Excerpts from a dataset
◇ ◇ ◇ ◇ ◇ ◇ ◇

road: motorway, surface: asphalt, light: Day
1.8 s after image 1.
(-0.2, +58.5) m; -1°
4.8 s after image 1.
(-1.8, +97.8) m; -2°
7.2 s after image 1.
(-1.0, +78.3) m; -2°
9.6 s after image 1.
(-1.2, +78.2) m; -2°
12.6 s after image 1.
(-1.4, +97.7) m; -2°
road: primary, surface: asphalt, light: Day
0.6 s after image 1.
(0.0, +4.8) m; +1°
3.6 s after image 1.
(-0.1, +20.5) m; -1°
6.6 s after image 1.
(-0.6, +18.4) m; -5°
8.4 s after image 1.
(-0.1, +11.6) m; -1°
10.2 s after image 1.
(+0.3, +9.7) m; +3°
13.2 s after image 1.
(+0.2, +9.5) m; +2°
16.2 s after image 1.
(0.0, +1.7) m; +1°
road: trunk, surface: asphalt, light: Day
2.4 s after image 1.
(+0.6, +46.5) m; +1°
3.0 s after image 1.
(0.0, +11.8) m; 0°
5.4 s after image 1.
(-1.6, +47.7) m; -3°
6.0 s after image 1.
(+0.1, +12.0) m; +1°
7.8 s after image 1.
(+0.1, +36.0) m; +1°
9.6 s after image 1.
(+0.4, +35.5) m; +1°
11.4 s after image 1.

◇ ◇ ◇ ◇ ◇ ◇ ◇

With the string "light" as the key, filter the data above and show the lines that match.

> SOLUTION TO THIS PROBLEM:
road: motorway, surface: asphalt, light: Day
road: primary, surface: asphalt, light: Day
road: trunk, surface: asphalt, light: Day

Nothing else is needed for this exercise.